First Mayor of Spring Lake, North Carolina

Personal details
- Born: Grady Howard September 15, 1911 Greer, South Carolina, U.S.
- Died: April 4, 1989 (aged 77) Spring Lake, North Carolina, U.S.
- Political party: Democratic
- Spouse: Elma Walker Howard (1917–2007)

= Grady Howard =

American politician

Grady Howard was the first mayor of Spring Lake, North Carolina and a member of the Democratic Party.

==Early life and career==
Howard was born in Greer, South Carolina, the son of Narsissie "Cissy" and Davis Milford Howard in South Carolina. Grady Howard was elected first democratic mayor of Spring Lake during the town's incorporation in 1951.

In April 1951, Howard was appointed mayor of Spring Lake by the General Assembly following the town's incorporation. He went on to win a special municipal election and continue to serve for 10 years. He served four more years in two later terms.

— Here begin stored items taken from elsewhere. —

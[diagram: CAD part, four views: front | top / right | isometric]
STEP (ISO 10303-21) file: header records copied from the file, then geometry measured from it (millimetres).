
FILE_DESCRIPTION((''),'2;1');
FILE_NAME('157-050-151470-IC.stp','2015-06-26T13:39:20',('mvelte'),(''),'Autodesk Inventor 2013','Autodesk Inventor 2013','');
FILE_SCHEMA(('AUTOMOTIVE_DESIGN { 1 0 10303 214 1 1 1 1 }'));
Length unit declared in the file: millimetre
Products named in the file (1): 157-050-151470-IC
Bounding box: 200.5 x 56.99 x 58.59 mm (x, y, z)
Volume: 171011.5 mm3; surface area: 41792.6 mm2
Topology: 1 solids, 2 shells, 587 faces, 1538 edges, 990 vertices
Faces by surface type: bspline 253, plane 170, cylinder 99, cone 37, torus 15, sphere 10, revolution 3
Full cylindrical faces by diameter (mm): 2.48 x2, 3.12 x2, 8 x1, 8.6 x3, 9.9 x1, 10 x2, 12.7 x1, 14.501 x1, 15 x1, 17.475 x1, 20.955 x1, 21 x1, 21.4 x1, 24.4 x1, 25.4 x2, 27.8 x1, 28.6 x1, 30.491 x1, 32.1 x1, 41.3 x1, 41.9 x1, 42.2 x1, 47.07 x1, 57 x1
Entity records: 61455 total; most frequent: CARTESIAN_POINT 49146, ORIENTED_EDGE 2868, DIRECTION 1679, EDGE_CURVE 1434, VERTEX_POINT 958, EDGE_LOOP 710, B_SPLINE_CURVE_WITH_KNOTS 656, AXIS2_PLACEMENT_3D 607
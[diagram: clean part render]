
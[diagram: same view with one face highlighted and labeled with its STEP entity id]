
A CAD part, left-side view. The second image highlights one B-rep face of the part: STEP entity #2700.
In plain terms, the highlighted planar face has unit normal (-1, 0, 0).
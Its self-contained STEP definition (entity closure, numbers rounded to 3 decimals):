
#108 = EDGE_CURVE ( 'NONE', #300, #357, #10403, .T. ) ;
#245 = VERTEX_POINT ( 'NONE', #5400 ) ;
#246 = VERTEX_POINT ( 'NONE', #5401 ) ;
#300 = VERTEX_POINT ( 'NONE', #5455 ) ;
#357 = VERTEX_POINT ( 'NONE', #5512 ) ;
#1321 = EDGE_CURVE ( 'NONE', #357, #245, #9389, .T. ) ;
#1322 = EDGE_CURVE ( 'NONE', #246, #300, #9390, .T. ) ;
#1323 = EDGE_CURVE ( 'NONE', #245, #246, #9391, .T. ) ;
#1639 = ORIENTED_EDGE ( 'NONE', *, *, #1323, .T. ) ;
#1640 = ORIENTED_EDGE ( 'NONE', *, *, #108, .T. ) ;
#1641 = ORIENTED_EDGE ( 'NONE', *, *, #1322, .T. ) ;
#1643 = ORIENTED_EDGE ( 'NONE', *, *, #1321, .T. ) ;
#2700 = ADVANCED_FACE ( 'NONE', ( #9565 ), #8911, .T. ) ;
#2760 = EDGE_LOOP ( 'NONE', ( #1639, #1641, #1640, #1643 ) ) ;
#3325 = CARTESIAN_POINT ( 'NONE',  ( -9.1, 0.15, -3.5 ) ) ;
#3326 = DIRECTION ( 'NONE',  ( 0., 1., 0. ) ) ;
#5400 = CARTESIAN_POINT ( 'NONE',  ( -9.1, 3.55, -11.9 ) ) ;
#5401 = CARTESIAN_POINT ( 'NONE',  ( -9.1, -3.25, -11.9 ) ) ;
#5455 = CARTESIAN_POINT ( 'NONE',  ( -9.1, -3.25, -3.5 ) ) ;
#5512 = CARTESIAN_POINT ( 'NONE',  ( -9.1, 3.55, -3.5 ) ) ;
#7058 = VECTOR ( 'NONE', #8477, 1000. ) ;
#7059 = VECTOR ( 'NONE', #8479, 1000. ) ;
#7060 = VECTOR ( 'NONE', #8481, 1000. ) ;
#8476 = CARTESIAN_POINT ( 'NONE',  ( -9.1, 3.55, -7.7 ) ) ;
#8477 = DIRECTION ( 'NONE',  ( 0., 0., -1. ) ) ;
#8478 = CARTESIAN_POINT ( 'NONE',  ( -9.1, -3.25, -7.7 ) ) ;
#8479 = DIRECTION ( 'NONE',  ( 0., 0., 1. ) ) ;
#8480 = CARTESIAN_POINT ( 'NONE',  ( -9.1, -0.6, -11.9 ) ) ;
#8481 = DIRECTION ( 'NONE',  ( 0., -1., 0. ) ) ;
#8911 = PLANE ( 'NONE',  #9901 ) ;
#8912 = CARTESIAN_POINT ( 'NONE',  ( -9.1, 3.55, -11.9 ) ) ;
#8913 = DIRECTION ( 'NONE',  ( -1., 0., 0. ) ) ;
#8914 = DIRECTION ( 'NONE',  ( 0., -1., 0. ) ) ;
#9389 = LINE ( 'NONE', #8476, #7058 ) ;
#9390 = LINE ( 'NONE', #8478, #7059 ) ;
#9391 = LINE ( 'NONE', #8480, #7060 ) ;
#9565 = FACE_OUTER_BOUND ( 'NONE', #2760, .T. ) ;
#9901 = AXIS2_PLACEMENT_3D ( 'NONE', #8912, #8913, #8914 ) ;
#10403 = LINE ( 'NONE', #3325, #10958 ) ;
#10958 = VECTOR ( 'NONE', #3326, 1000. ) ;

He served as the first president of the Greater Spring Lake Chamber of Commerce organized in 1962 and for almost 20 years on the Cumberland County Joint Planning Board. He was active in the Spring Lake Lions Club and was a past commander of American Legion Post No. 230 in Spring Lake. He also served as chairman of the Spring Lake Democratic precinct.

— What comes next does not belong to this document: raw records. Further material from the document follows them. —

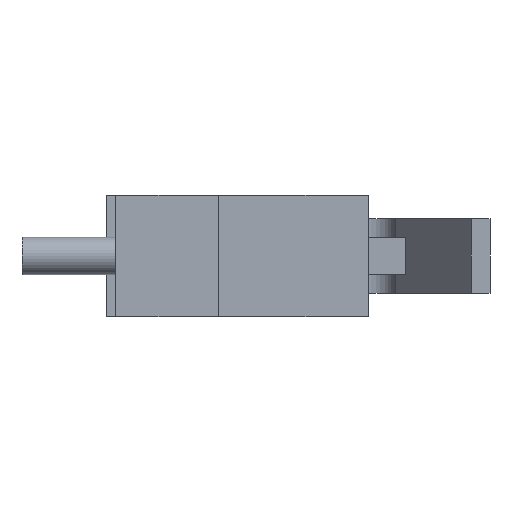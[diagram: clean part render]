
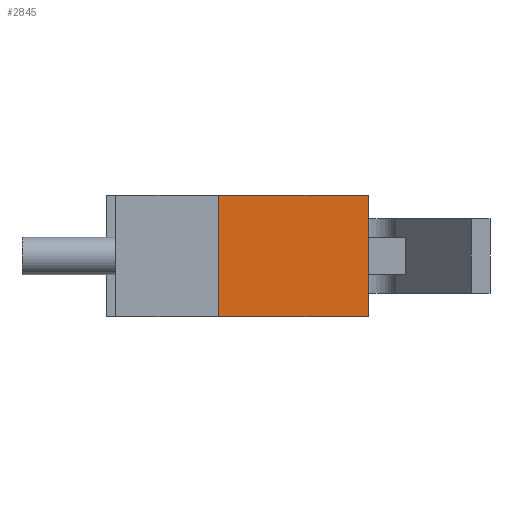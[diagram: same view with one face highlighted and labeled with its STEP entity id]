
A CAD part, front view. The second image highlights one B-rep face of the part: STEP entity #2845.
In plain terms, the highlighted planar face has unit normal (0, -1, 0).
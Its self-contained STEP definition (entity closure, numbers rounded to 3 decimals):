
#2573 = PLANE('',#2574);
#2574 = AXIS2_PLACEMENT_3D('',#2575,#2576,#2577);
#2575 = CARTESIAN_POINT('',(7.,-10.,-3.25));
#2576 = DIRECTION('',(1.,0.,0.));
#2577 = DIRECTION('',(0.,0.,1.));
#2728 = EDGE_CURVE('',#2729,#2731,#2733,.T.);
#2729 = VERTEX_POINT('',#2730);
#2730 = CARTESIAN_POINT('',(7.,-10.,-3.25));
#2731 = VERTEX_POINT('',#2732);
#2732 = CARTESIAN_POINT('',(7.,-10.,3.25));
#2733 = SURFACE_CURVE('',#2734,(#2738,#2745),.PCURVE_S1.);
#2734 = LINE('',#2735,#2736);
#2735 = CARTESIAN_POINT('',(7.,-10.,-3.25));
#2736 = VECTOR('',#2737,1.);
#2737 = DIRECTION('',(0.,0.,1.));
#2738 = PCURVE('',#2573,#2739);
#2739 = DEFINITIONAL_REPRESENTATION('',(#2740),#2744);
#2740 = LINE('',#2741,#2742);
#2741 = CARTESIAN_POINT('',(0.,0.));
#2742 = VECTOR('',#2743,1.);
#2743 = DIRECTION('',(1.,0.));
#2744 = ( GEOMETRIC_REPRESENTATION_CONTEXT(2) 
PARAMETRIC_REPRESENTATION_CONTEXT() REPRESENTATION_CONTEXT('2D SPACE',''
  ) );
#2745 = PCURVE('',#2746,#2751);
#2746 = PLANE('',#2747);
#2747 = AXIS2_PLACEMENT_3D('',#2748,#2749,#2750);
#2748 = CARTESIAN_POINT('',(-1.,-10.,-3.25));
#2749 = DIRECTION('',(0.,1.,0.));
#2750 = DIRECTION('',(0.,0.,1.));
#2751 = DEFINITIONAL_REPRESENTATION('',(#2752),#2756);
#2752 = LINE('',#2753,#2754);
#2753 = CARTESIAN_POINT('',(0.,8.));
#2754 = VECTOR('',#2755,1.);
#2755 = DIRECTION('',(1.,0.));
#2756 = ( GEOMETRIC_REPRESENTATION_CONTEXT(2) 
PARAMETRIC_REPRESENTATION_CONTEXT() REPRESENTATION_CONTEXT('2D SPACE',''
  ) );
#2774 = PLANE('',#2775);
#2775 = AXIS2_PLACEMENT_3D('',#2776,#2777,#2778);
#2776 = CARTESIAN_POINT('',(-1.,-10.,-3.25));
#2777 = DIRECTION('',(0.,0.,-1.));
#2778 = DIRECTION('',(-1.,0.,0.));
#2828 = PLANE('',#2829);
#2829 = AXIS2_PLACEMENT_3D('',#2830,#2831,#2832);
#2830 = CARTESIAN_POINT('',(-1.,-10.,3.25));
#2831 = DIRECTION('',(0.,0.,1.));
#2832 = DIRECTION('',(1.,0.,0.));
#2845 = ADVANCED_FACE('',(#2846),#2746,.F.);
#2846 = FACE_BOUND('',#2847,.F.);
#2847 = EDGE_LOOP('',(#2848,#2871,#2899,#2920));
#2848 = ORIENTED_EDGE('',*,*,#2849,.F.);
#2849 = EDGE_CURVE('',#2850,#2729,#2852,.T.);
#2850 = VERTEX_POINT('',#2851);
#2851 = CARTESIAN_POINT('',(-1.,-10.,-3.25));
#2852 = SURFACE_CURVE('',#2853,(#2857,#2864),.PCURVE_S1.);
#2853 = LINE('',#2854,#2855);
#2854 = CARTESIAN_POINT('',(-1.,-10.,-3.25));
#2855 = VECTOR('',#2856,1.);
#2856 = DIRECTION('',(1.,0.,0.));
#2857 = PCURVE('',#2746,#2858);
#2858 = DEFINITIONAL_REPRESENTATION('',(#2859),#2863);
#2859 = LINE('',#2860,#2861);
#2860 = CARTESIAN_POINT('',(0.,0.));
#2861 = VECTOR('',#2862,1.);
#2862 = DIRECTION('',(0.,1.));
#2863 = ( GEOMETRIC_REPRESENTATION_CONTEXT(2) 
PARAMETRIC_REPRESENTATION_CONTEXT() REPRESENTATION_CONTEXT('2D SPACE',''
  ) );
#2864 = PCURVE('',#2774,#2865);
#2865 = DEFINITIONAL_REPRESENTATION('',(#2866),#2870);
#2866 = LINE('',#2867,#2868);
#2867 = CARTESIAN_POINT('',(0.,0.));
#2868 = VECTOR('',#2869,1.);
#2869 = DIRECTION('',(-1.,0.));
#2870 = ( GEOMETRIC_REPRESENTATION_CONTEXT(2) 
PARAMETRIC_REPRESENTATION_CONTEXT() REPRESENTATION_CONTEXT('2D SPACE',''
  ) );
#2871 = ORIENTED_EDGE('',*,*,#2872,.T.);
#2872 = EDGE_CURVE('',#2850,#2873,#2875,.T.);
#2873 = VERTEX_POINT('',#2874);
#2874 = CARTESIAN_POINT('',(-1.,-10.,3.25));
#2875 = SURFACE_CURVE('',#2876,(#2880,#2887),.PCURVE_S1.);
#2876 = LINE('',#2877,#2878);
#2877 = CARTESIAN_POINT('',(-1.,-10.,-3.25));
#2878 = VECTOR('',#2879,1.);
#2879 = DIRECTION('',(0.,0.,1.));
#2880 = PCURVE('',#2746,#2881);
#2881 = DEFINITIONAL_REPRESENTATION('',(#2882),#2886);
#2882 = LINE('',#2883,#2884);
#2883 = CARTESIAN_POINT('',(0.,0.));
#2884 = VECTOR('',#2885,1.);
#2885 = DIRECTION('',(1.,0.));
#2886 = ( GEOMETRIC_REPRESENTATION_CONTEXT(2) 
PARAMETRIC_REPRESENTATION_CONTEXT() REPRESENTATION_CONTEXT('2D SPACE',''
  ) );
#2887 = PCURVE('',#2888,#2893);
#2888 = PLANE('',#2889);
#2889 = AXIS2_PLACEMENT_3D('',#2890,#2891,#2892);
#2890 = CARTESIAN_POINT('',(-1.,-10.,-3.25));
#2891 = DIRECTION('',(1.,0.,0.));
#2892 = DIRECTION('',(0.,0.,1.));
#2893 = DEFINITIONAL_REPRESENTATION('',(#2894),#2898);
#2894 = LINE('',#2895,#2896);
#2895 = CARTESIAN_POINT('',(0.,0.));
#2896 = VECTOR('',#2897,1.);
#2897 = DIRECTION('',(1.,0.));
#2898 = ( GEOMETRIC_REPRESENTATION_CONTEXT(2) 
PARAMETRIC_REPRESENTATION_CONTEXT() REPRESENTATION_CONTEXT('2D SPACE',''
  ) );
#2899 = ORIENTED_EDGE('',*,*,#2900,.T.);
#2900 = EDGE_CURVE('',#2873,#2731,#2901,.T.);
#2901 = SURFACE_CURVE('',#2902,(#2906,#2913),.PCURVE_S1.);
#2902 = LINE('',#2903,#2904);
#2903 = CARTESIAN_POINT('',(-1.,-10.,3.25));
#2904 = VECTOR('',#2905,1.);
#2905 = DIRECTION('',(1.,0.,0.));
#2906 = PCURVE('',#2746,#2907);
#2907 = DEFINITIONAL_REPRESENTATION('',(#2908),#2912);
#2908 = LINE('',#2909,#2910);
#2909 = CARTESIAN_POINT('',(6.5,0.));
#2910 = VECTOR('',#2911,1.);
#2911 = DIRECTION('',(0.,1.));
#2912 = ( GEOMETRIC_REPRESENTATION_CONTEXT(2) 
PARAMETRIC_REPRESENTATION_CONTEXT() REPRESENTATION_CONTEXT('2D SPACE',''
  ) );
#2913 = PCURVE('',#2828,#2914);
#2914 = DEFINITIONAL_REPRESENTATION('',(#2915),#2919);
#2915 = LINE('',#2916,#2917);
#2916 = CARTESIAN_POINT('',(0.,0.));
#2917 = VECTOR('',#2918,1.);
#2918 = DIRECTION('',(1.,0.));
#2919 = ( GEOMETRIC_REPRESENTATION_CONTEXT(2) 
PARAMETRIC_REPRESENTATION_CONTEXT() REPRESENTATION_CONTEXT('2D SPACE',''
  ) );
#2920 = ORIENTED_EDGE('',*,*,#2728,.F.);

Howard held membership in the North Carolina Beekeepers' Association, handling gallberry and gum honey in several farms in Cedar Creek and Harnett County, North Carolina.

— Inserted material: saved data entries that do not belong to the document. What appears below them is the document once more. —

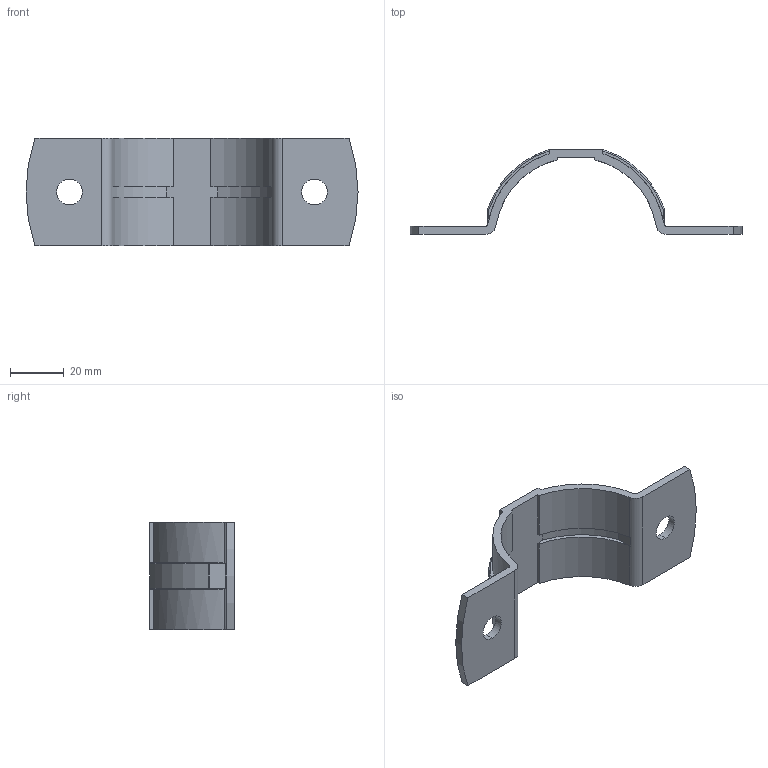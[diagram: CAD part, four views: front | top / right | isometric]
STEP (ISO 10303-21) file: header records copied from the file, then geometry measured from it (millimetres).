
FILE_DESCRIPTION (( 'STEP AP203' ), '1' );
FILE_NAME ('OT74-50-57-60_3x3_OSTP.step', '2021-03-15T14:23:05', ( '' ), ( '' ), 'SwSTEP 2.0', 'SolidWorks 2014', '' );
FILE_SCHEMA (( 'CONFIG_CONTROL_DESIGN' ));
Length unit declared in the file: millimetre
Products named in the file (1): OT74-50-57-60_3x3_OSTP
Bounding box: 123.33 x 31.5 x 40 mm (x, y, z)
Volume: 18423.2 mm3; surface area: 13560.1 mm2
Topology: 1 solids, 1 shells, 64 faces, 170 edges, 108 vertices
Faces by surface type: cylinder 28, plane 28, torus 4, sphere 4
Entity records: 2111 total; most frequent: CARTESIAN_POINT 403, DIRECTION 352, ORIENTED_EDGE 340, EDGE_CURVE 170, AXIS2_PLACEMENT_3D 129, VERTEX_POINT 108, VECTOR 94, LINE 94

He was a member of Cape Fear Valley Hospital's original board of trustees and a member of Highland Baptist Church in Taylors, South Carolina although he attended the First Presbyterian Church in Spring Lake for more than 50 years.

The Grady Howard conference room was dedicated on June 24, 1979 at the new Spring Lake Town Hall.

==Personal life==
Howard was married to Elma Mattie Walker (1917–2007) from 1941 until his death in 1989. He had one daughter: Dianne, and two granddaughters: Jami and Megan. His granddaughter Jami McLaughlin was elected Mayor Pro Tem in Spring Lake in 2003 and served two terms.

==Notes==

- Pate, HB. and J Sheppard.(2007) Spring Lake, North Carolina. Arcadia Publishing. ISBN 978-0-7385-1722-3.